第9回文展に入選し出世作となった「製作の前」も展示してあったが、絵をかく前の下調べで数冊の本をひろげながら構想を練っている、黒い和服姿の本人を描いていて、非常に印象に残る絵であった。何かを成し遂げたい前の準備の大切さと、大変さを訴えているようで共感が持てる。館内の撮影は禁止なので、入場券(鶴ヶ岡の舞)とパンフレット(伊賀のつぼね)の表紙の絵を示すが、非常に繊細なタッチで優しさを感じる絵である。また色遣いのすばらしさは素人でも感じることができる。
伊賀のつぼね 鶴ヶ岡の舞
美術館の横には小さな日本庭園がしつらえてあり、伊藤小坡の絵を楽しんだ後、庭石や樹木のある庭と伊勢の山々の遠景を望むことができる。この日は快晴であったので、庭と樹木と山が青空と調和してきれいに見えたことであった。
<猿田彦神社>
伊藤小坡の実家は美術館の隣にある猿田彦神社であり、この美術館も猿田彦神社が経営しているようである。美術館を辞した後、猿田彦神社にもお参りした。案内板には、主神は猿田彦大神で、相殿が猿田彦大神の御裔の大田命であると出ている。伊勢という土地柄、天孫降臨の神話につながる歴史をもっている神社である。
猿田彦神社主殿 猿田彦神社の案内板
猿田彦神社のホームページには、神社の歴史・由緒が載っており、古事記や日本書紀に出てくる天孫降臨の神話と深く関係することや、宇治土公家の由緒や役割もわかるので、以下に引用してみる。
「天孫降臨を啓行(みちひらき)された猿田彦大神は、高千穂に瓊瓊杵尊(ににぎのみこと)をご案内した後、天宇受賣命(あめのうずめのみこと)と御一緒に本拠地である『伊勢の狭長田(さながた)五十鈴の川上』の地に戻り、この地を始め全国の開拓にあたられました。
そして神宮第一の古典『皇大神宮儀式帳』等にあるように、宇治土公宮司家の祖先で猿田彦大神の裔である大田命が、倭姫命の御巡幸に際して、猿田彦大神が聖地として開拓された五十鈴の川上にある宇遅(宇治)の地をお勧めし、そこに皇大神宮(内宮)が造営されました。
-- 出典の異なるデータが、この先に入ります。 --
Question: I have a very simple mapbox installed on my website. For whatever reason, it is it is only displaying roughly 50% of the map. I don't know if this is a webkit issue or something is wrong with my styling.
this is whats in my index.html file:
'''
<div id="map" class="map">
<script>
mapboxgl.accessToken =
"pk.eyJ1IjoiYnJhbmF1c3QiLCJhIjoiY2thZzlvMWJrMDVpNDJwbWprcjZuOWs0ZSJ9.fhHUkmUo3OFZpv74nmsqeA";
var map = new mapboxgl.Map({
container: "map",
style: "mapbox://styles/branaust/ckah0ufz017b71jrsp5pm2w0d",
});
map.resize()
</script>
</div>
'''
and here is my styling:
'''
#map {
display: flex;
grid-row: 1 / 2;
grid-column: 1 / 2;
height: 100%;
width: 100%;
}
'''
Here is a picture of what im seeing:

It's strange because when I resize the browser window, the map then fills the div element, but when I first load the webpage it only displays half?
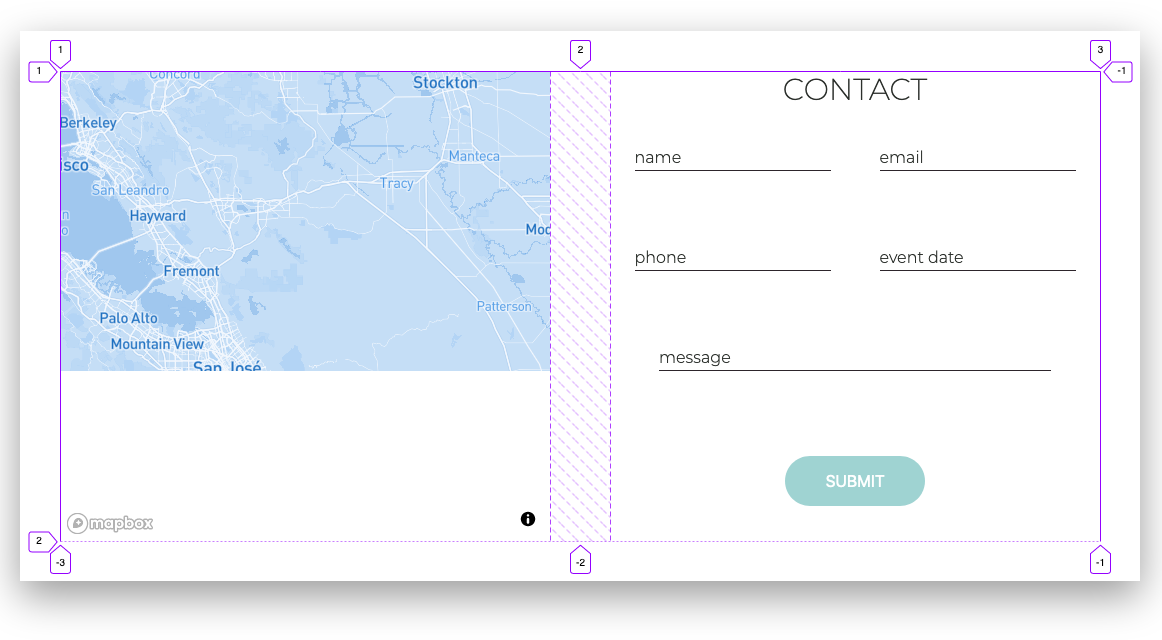
Answer: Call the 'resize' after the load using 'map.on('load', function() {})' to make sur it's called when the map is loaded and not before.
'''
mapboxgl.accessToken =
"pk.eyJ1IjoiYnJhbmF1c3QiLCJhIjoiY2thZzlvMWJrMDVpNDJwbWprcjZuOWs0ZSJ9.fhHUkmUo3OFZpv74nmsqeA";
var map = new mapboxgl.Map({
container: "map",
style: "mapbox://styles/branaust/ckah0ufz017b71jrsp5pm2w0d",
});
map.on('load', function() {
map.resize()
});
'''
'''
#map {
display: flex;
height: 100%;
width: 100%;
}
.container {
display:grid;
grid-template-columns:1fr 1fr;
height:500px;
border:2px solid red;
}
'''
'''
<script src="https://api.mapbox.com/mapbox-gl-js/v1.10.0/mapbox-gl.js"></script>
<link href="https://api.mapbox.com/mapbox-gl-js/v1.10.0/mapbox-gl.css" rel="stylesheet" />
<div class="container">
<div id="map" class="map">
</div>
<div>
</div>
</div>
'''

そのため宇治土公家はその後、神宮において代々『玉串大内人(たまぐしおおうちんど)』という特別な職に任ぜられ、式年遷宮で心御柱と御船代を造り奉るなど、重要な役割を果たしてきました。
当社は猿田彦大神の子孫である宇治土公家が代々宮司を務める神社です」
<所感>
つまり伊藤小坡は、天孫降臨や伊勢神宮の創立にかかわった日本の名家といっても良い宇治土公家に生まれ、幼少の時から古典文学、茶の湯、柔術を習い、14歳頃から新聞小説の挿絵を竹紙に模写し始め、郷土画家の磯部百麟に師事して絵を習い、21歳の時に画家になることを決意して京都へ出た。京都では京都市立美術工芸学校教授の荒木矩から漢字と国語を、漢学者の巌本範治から漢字を学んでいる、とのことなので、生まれながらの環境で得た素養と、本人の優れた才能に加えて、当時の日本人としての一流の教養を身につけた素晴らしい画家だったのだろうと思われる。
我々の時代(昭和29年頃)、京都の公立小学校の修学旅行は伊勢旅行が一般的であった。ただ私の通った京都学芸大附属京都小学校は国立で、マッカーサー進駐軍の政策のモルモット教育を受けた世代であったためか、修学旅行はなぜか伊勢ではなく小豆島であった。もし公立の小学校に通っていれば修学旅行でお伊勢さんに行き、伊勢出身の有名な画家が京都にいることを教えてもらったかもしれないのに、などと、この年まで伊藤小坡という素晴らしい画家を知らなかった言い訳にしている。